--- What needs to be done ---
A faithful transcription is wanted of the lines from the top of the material through the line that holds "every 0.5 s.", both ends included, leaving out the pictures.

________________

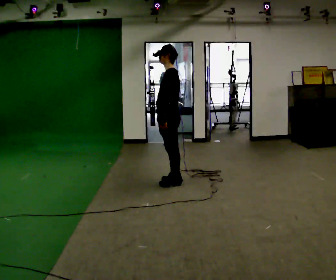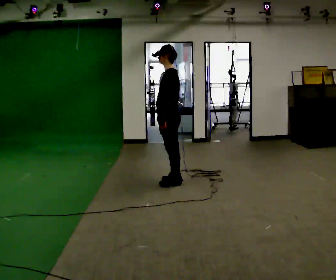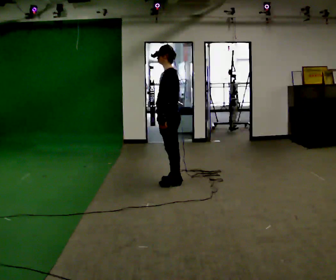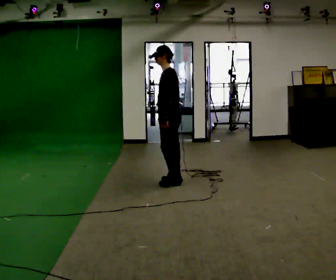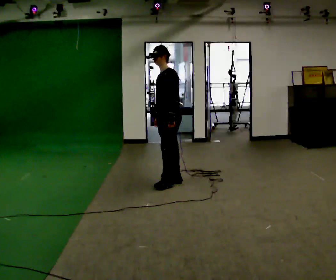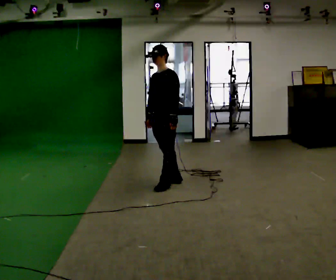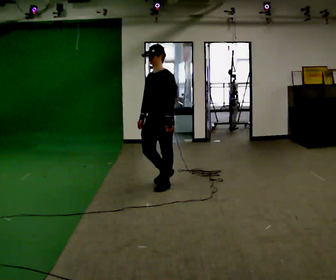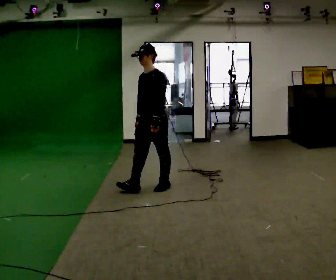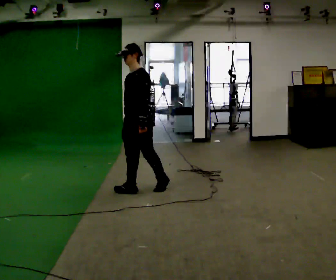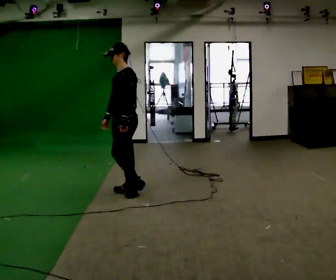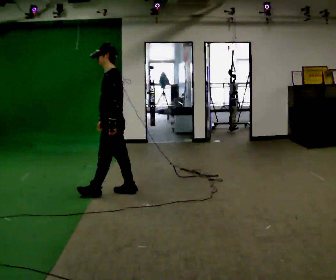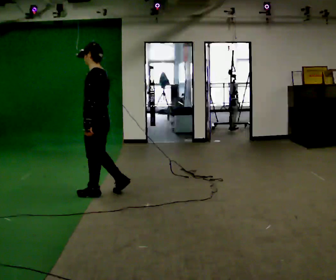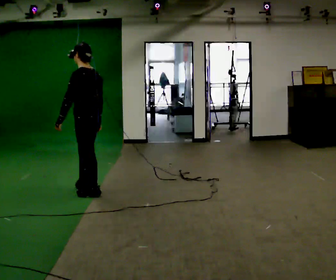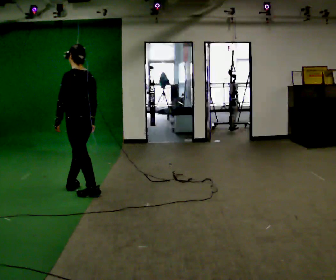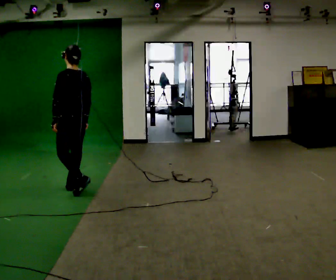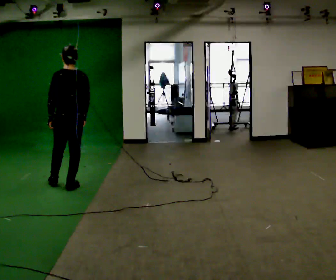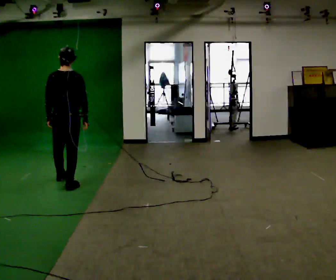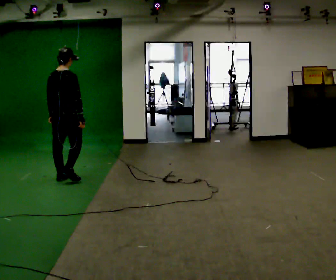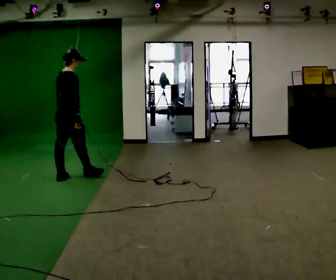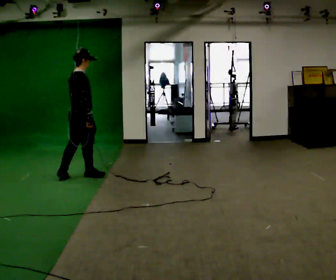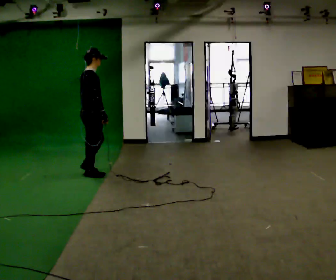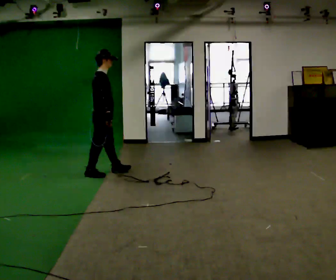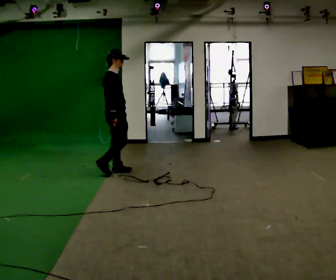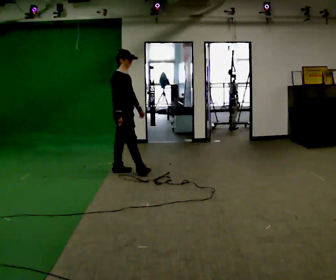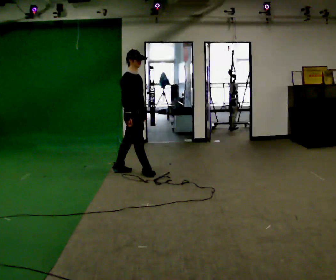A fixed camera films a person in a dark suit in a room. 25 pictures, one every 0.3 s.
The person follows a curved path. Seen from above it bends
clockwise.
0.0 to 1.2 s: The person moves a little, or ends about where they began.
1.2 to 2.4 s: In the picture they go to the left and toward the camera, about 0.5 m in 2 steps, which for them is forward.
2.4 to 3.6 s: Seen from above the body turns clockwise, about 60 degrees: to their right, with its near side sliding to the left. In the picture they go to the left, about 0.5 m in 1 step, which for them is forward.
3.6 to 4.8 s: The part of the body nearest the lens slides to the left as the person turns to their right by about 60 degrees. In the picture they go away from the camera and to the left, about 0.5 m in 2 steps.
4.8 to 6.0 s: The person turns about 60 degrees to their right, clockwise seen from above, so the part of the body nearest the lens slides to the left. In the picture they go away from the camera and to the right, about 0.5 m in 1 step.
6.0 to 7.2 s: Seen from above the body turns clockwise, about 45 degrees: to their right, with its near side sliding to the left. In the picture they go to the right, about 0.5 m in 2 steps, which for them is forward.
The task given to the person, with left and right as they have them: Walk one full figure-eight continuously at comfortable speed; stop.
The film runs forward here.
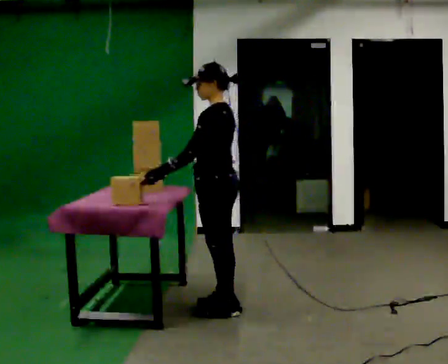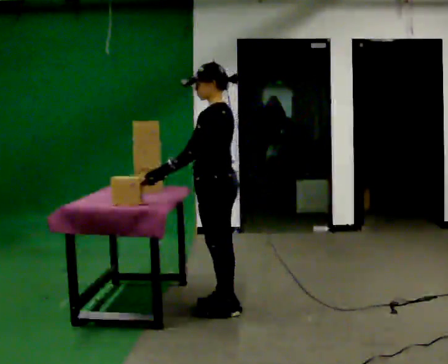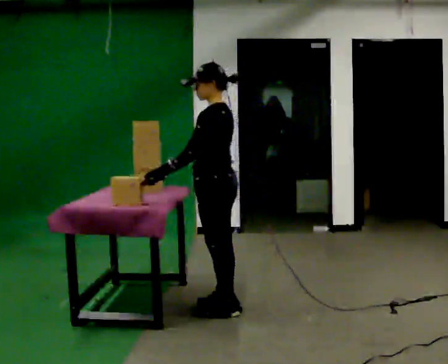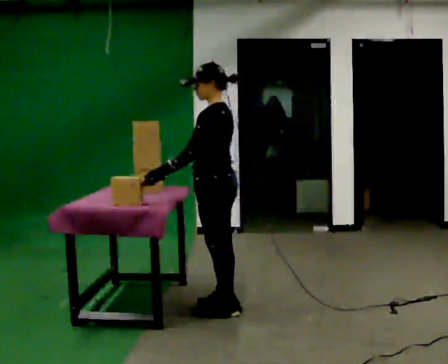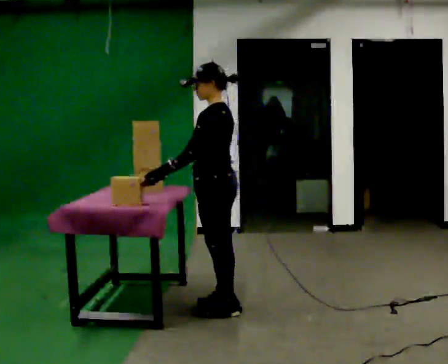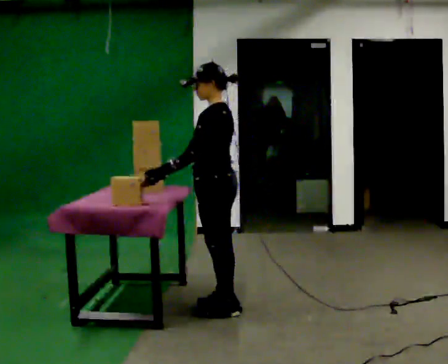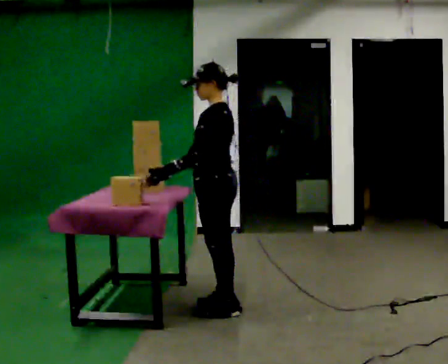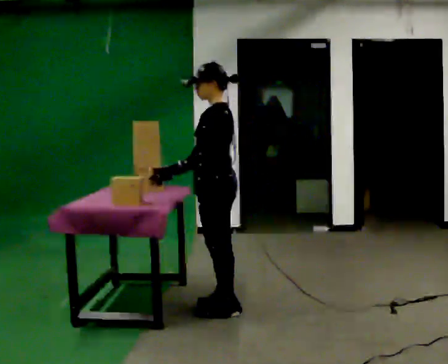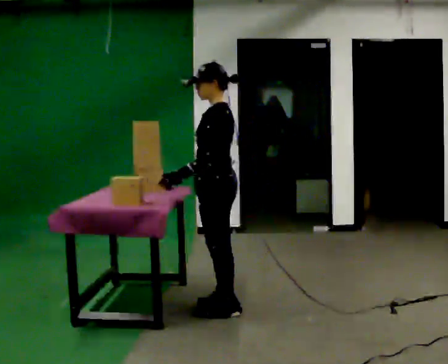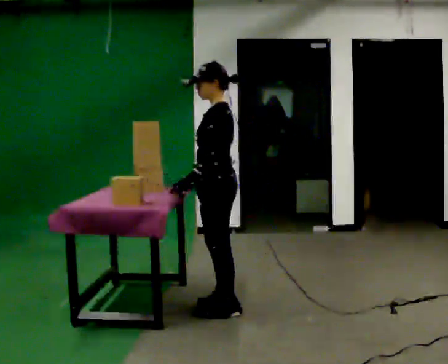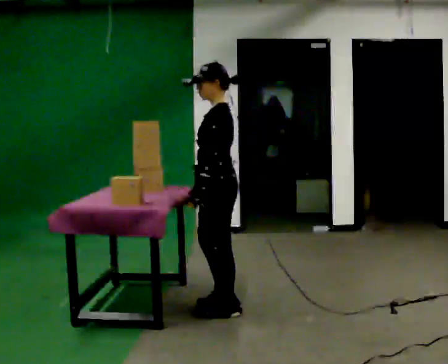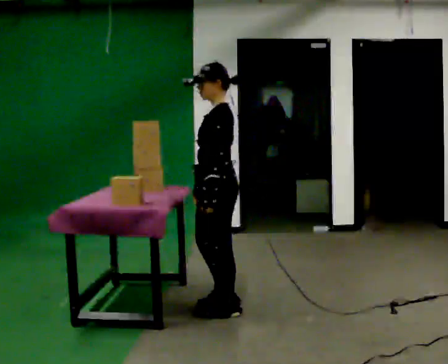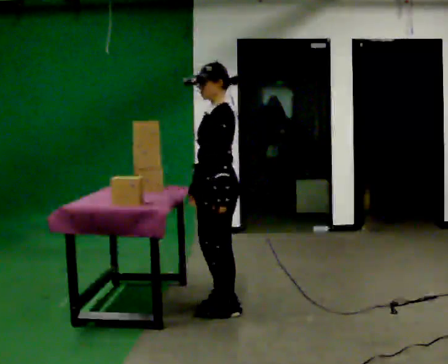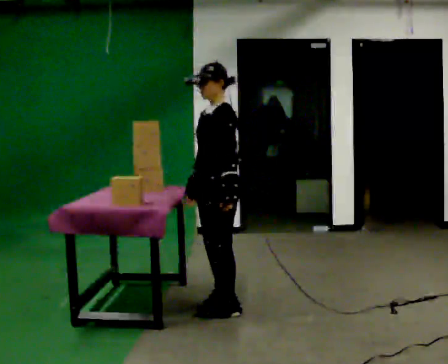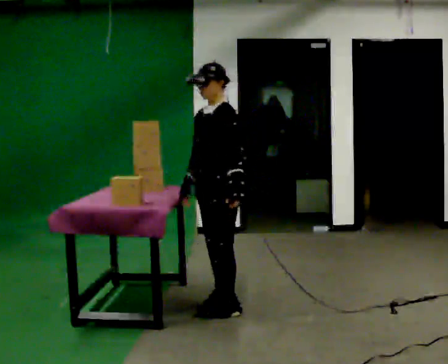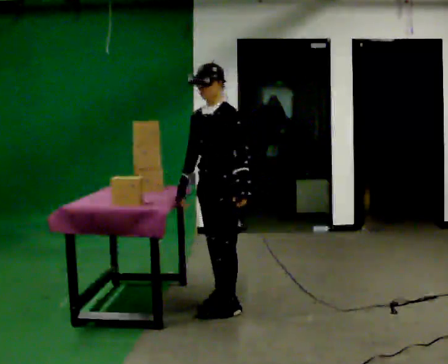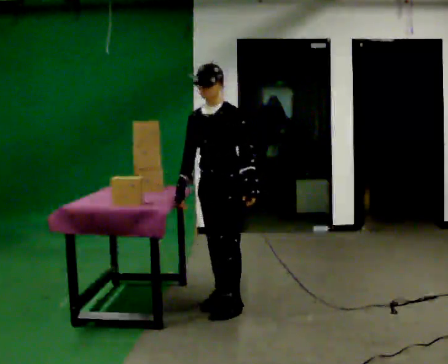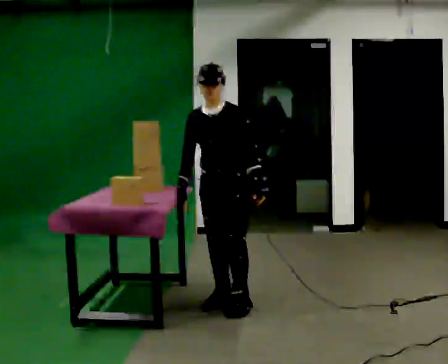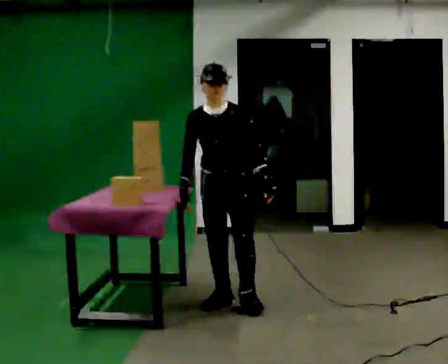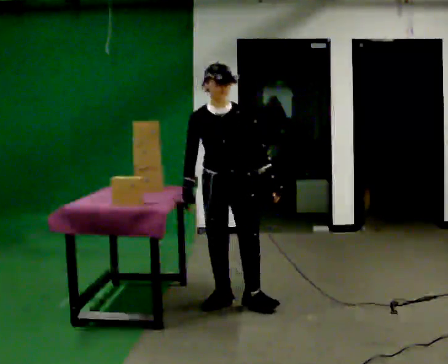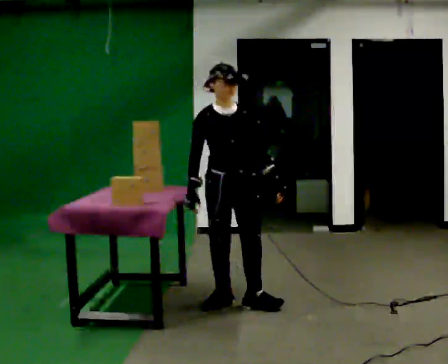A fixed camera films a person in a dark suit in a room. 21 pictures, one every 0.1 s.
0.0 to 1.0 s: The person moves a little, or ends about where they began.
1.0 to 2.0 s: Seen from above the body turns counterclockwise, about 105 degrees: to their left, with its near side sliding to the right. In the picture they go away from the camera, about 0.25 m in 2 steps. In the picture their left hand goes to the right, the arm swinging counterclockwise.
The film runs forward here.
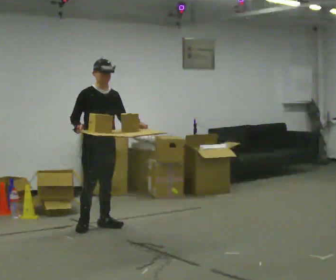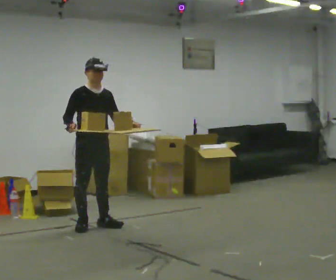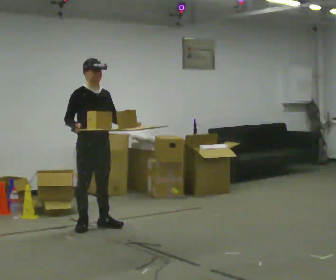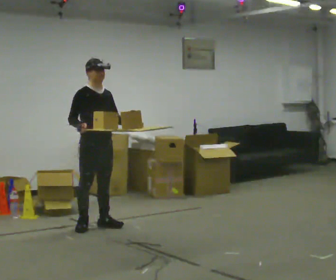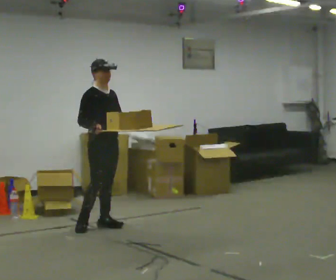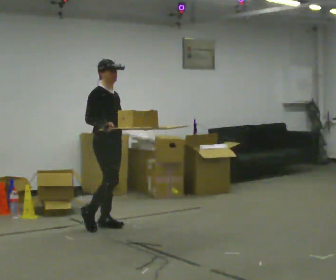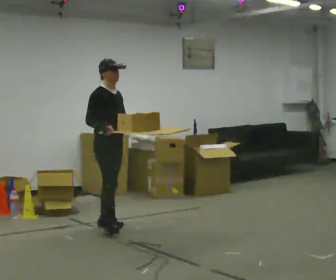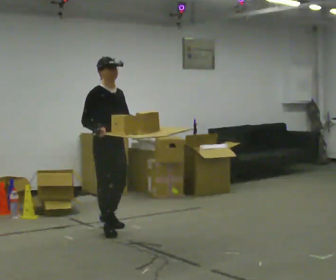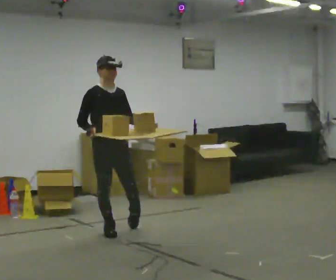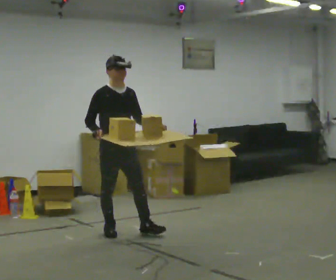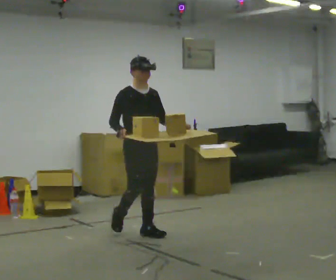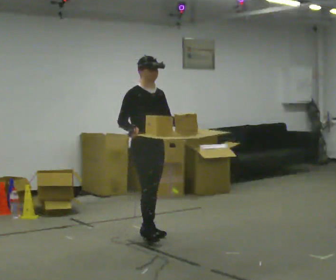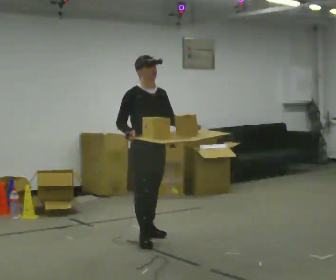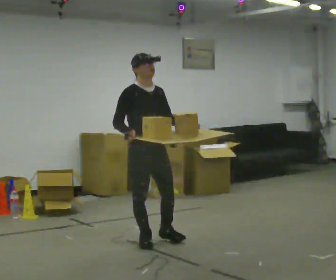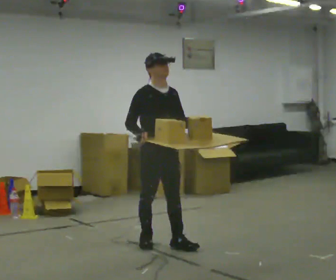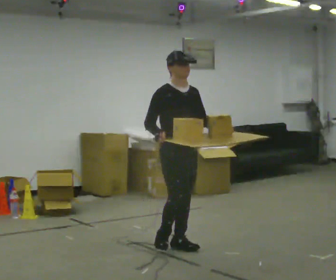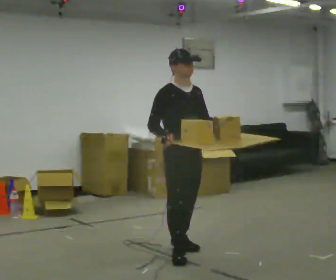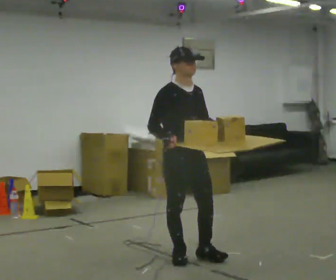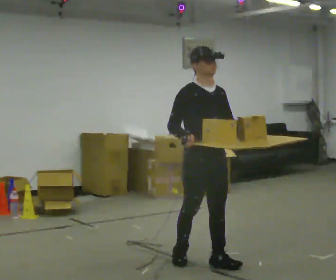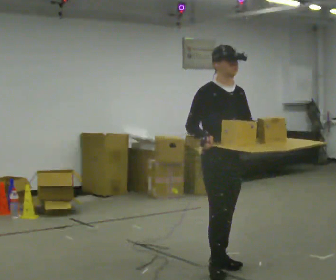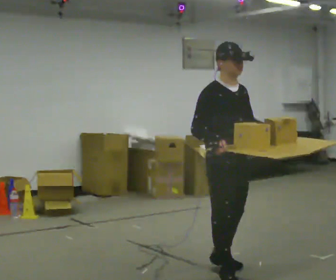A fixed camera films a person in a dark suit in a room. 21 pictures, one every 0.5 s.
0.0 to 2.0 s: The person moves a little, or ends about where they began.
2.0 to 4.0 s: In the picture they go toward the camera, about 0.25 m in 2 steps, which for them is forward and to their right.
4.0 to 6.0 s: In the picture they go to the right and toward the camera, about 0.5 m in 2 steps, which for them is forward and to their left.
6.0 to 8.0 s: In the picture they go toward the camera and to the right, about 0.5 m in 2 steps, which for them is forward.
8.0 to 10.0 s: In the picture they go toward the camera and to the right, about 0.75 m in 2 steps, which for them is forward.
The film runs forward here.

________________

--- Worked solution ---
A fixed camera films a person in a dark suit in a room. 25 pictures, one every 0.3 s.
The person follows a curved path. Seen from above it bends
clockwise.
0.0 to 1.2 s: The person moves a little, or ends about where they began.
1.2 to 2.4 s: In the picture they go to the left and toward the camera, about 0.5 m in 2 steps, which for them is forward.
2.4 to 3.6 s: Seen from above the body turns clockwise, about 60 degrees: to their right, with its near side sliding to the left. In the picture they go to the left, about 0.5 m in 1 step, which for them is forward.
3.6 to 4.8 s: The part of the body nearest the lens slides to the left as the person turns to their right by about 60 degrees. In the picture they go away from the camera and to the left, about 0.5 m in 2 steps.
4.8 to 6.0 s: The person turns about 60 degrees to their right, clockwise seen from above, so the part of the body nearest the lens slides to the left. In the picture they go away from the camera and to the right, about 0.5 m in 1 step.
6.0 to 7.2 s: Seen from above the body turns clockwise, about 45 degrees: to their right, with its near side sliding to the left. In the picture they go to the right, about 0.5 m in 2 steps, which for them is forward.
The task given to the person, with left and right as they have them: Walk one full figure-eight continuously at comfortable speed; stop.
The film runs forward here.
A fixed camera films a person in a dark suit in a room. 21 pictures, one every 0.1 s.
0.0 to 1.0 s: The person moves a little, or ends about where they began.
1.0 to 2.0 s: Seen from above the body turns counterclockwise, about 105 degrees: to their left, with its near side sliding to the right. In the picture they go away from the camera, about 0.25 m in 2 steps. In the picture their left hand goes to the right, the arm swinging counterclockwise.
The film runs forward here.
A fixed camera films a person in a dark suit in a room. 21 pictures, one every 0.5 s.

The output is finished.